▸ **Provided data**
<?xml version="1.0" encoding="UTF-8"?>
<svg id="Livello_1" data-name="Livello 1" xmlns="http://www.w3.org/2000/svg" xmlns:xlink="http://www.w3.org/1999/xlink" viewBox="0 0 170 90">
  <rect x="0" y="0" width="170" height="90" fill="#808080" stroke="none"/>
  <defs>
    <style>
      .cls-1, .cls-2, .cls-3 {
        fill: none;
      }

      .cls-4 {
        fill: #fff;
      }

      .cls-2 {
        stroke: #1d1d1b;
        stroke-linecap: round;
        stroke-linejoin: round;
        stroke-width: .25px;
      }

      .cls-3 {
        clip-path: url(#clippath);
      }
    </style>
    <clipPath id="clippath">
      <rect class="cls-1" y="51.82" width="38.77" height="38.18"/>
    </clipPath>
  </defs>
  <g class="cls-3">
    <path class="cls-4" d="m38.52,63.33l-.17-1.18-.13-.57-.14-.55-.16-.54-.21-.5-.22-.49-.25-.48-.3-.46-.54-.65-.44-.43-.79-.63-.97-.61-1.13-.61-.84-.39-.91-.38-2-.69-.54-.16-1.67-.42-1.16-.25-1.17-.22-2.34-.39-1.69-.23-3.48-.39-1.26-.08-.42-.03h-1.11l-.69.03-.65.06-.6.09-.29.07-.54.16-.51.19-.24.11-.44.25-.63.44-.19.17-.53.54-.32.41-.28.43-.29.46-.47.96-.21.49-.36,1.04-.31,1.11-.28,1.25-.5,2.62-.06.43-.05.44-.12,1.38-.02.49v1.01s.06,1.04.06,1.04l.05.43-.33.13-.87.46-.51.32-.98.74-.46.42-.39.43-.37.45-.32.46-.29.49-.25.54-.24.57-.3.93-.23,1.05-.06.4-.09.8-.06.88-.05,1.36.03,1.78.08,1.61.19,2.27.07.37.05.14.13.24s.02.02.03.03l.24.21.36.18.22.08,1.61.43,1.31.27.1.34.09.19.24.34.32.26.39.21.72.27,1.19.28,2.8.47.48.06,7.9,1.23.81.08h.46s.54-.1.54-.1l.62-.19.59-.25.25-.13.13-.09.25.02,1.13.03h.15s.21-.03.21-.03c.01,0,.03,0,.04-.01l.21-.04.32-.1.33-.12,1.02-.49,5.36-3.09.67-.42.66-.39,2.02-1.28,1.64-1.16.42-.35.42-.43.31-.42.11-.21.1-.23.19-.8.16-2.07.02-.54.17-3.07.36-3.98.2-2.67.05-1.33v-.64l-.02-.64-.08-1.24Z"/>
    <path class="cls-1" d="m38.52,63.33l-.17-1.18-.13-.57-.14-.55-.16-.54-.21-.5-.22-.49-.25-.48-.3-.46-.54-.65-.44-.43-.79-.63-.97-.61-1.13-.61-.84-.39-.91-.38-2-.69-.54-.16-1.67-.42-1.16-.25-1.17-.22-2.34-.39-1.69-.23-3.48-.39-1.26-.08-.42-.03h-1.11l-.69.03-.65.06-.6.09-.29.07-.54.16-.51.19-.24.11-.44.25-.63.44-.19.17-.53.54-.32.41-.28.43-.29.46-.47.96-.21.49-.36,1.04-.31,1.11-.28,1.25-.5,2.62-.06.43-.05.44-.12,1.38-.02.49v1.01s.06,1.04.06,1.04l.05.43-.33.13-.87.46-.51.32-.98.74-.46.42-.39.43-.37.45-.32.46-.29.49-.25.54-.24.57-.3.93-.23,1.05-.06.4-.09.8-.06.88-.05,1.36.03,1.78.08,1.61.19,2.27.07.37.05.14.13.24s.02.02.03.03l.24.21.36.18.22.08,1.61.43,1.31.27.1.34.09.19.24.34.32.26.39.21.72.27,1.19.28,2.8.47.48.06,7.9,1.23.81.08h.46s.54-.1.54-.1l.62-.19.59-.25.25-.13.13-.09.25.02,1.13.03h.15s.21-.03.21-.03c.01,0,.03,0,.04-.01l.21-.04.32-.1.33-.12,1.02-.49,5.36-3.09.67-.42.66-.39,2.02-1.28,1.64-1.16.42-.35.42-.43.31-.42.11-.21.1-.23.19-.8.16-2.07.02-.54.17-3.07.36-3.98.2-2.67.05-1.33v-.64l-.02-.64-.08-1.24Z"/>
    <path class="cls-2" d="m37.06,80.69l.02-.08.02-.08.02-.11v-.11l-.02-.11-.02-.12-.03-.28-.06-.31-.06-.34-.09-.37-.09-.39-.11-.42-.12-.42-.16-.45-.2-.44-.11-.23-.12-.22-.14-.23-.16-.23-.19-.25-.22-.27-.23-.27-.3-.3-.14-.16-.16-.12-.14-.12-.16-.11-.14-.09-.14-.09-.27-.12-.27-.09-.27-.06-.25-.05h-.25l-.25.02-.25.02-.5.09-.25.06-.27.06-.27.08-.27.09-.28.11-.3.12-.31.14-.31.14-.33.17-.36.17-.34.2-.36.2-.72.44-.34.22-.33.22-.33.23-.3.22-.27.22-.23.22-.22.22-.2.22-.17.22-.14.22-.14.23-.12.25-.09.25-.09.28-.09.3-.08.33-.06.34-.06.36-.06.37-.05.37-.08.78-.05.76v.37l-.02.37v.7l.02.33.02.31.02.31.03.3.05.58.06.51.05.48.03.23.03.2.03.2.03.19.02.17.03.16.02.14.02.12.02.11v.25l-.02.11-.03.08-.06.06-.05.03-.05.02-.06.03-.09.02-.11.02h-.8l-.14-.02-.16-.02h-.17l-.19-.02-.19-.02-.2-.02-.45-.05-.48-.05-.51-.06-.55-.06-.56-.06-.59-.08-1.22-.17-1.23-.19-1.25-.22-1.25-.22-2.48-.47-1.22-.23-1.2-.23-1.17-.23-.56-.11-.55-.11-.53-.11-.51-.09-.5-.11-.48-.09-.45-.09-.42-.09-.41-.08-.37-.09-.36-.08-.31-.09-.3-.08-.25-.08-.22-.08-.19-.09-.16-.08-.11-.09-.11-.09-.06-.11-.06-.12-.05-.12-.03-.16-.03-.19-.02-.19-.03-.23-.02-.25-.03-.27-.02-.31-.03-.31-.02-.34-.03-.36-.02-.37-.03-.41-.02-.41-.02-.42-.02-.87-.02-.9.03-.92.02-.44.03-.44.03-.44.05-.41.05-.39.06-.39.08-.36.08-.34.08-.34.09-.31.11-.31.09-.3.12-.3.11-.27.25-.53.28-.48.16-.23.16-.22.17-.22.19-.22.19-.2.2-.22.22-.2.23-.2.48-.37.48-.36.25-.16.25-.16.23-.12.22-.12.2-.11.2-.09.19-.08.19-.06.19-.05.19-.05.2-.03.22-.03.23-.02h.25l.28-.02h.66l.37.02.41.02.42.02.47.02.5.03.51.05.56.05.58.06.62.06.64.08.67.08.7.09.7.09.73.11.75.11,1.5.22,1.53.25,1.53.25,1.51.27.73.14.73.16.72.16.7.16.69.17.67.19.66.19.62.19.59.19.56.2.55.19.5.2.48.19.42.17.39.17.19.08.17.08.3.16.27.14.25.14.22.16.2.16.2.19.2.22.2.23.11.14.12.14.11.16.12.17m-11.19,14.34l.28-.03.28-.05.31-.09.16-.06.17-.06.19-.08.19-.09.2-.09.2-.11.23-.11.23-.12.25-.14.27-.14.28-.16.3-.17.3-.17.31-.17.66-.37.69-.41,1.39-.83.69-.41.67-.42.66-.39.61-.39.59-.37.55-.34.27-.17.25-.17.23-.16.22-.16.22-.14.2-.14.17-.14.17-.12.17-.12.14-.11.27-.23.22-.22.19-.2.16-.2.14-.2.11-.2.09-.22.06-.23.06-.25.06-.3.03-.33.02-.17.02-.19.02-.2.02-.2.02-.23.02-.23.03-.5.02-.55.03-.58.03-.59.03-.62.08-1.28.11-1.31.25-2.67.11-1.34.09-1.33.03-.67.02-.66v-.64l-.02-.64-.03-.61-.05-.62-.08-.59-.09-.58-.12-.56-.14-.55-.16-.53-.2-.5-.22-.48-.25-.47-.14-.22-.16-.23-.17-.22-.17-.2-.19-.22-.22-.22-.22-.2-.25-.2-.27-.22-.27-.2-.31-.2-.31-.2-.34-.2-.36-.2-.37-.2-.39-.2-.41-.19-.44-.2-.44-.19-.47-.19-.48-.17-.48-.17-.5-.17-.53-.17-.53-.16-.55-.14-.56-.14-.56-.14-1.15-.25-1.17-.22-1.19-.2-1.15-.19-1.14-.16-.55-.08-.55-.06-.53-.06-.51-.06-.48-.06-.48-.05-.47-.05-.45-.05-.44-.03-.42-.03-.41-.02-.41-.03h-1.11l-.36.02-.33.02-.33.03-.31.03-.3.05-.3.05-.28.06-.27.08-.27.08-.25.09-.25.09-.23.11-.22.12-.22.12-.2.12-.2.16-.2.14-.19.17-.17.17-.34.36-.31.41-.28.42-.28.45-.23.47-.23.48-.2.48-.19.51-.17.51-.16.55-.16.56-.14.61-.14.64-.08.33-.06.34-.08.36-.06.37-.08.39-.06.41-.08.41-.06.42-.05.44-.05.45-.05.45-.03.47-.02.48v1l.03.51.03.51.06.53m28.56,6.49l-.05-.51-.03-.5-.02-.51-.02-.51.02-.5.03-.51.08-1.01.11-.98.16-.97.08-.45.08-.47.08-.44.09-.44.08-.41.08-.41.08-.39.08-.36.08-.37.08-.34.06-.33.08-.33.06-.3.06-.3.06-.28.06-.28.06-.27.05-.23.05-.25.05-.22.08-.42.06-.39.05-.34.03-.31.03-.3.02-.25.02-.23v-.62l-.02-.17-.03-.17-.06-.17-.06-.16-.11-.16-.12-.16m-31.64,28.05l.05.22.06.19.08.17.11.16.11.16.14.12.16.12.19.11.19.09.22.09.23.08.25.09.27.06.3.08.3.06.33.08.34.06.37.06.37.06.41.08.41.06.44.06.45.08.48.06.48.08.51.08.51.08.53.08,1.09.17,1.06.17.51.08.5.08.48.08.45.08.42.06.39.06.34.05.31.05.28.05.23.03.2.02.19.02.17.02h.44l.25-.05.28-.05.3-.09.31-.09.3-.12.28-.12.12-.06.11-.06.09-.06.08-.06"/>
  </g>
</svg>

▸ **What you have to do**
Which of the lines above include the word "stroke"? List those lines.

▸ **Final answer**
  <rect x="0" y="0" width="170" height="90" fill="#808080" stroke="none"/>
        stroke: #1d1d1b;
        stroke-linecap: round;
        stroke-linejoin: round;
        stroke-width: .25px;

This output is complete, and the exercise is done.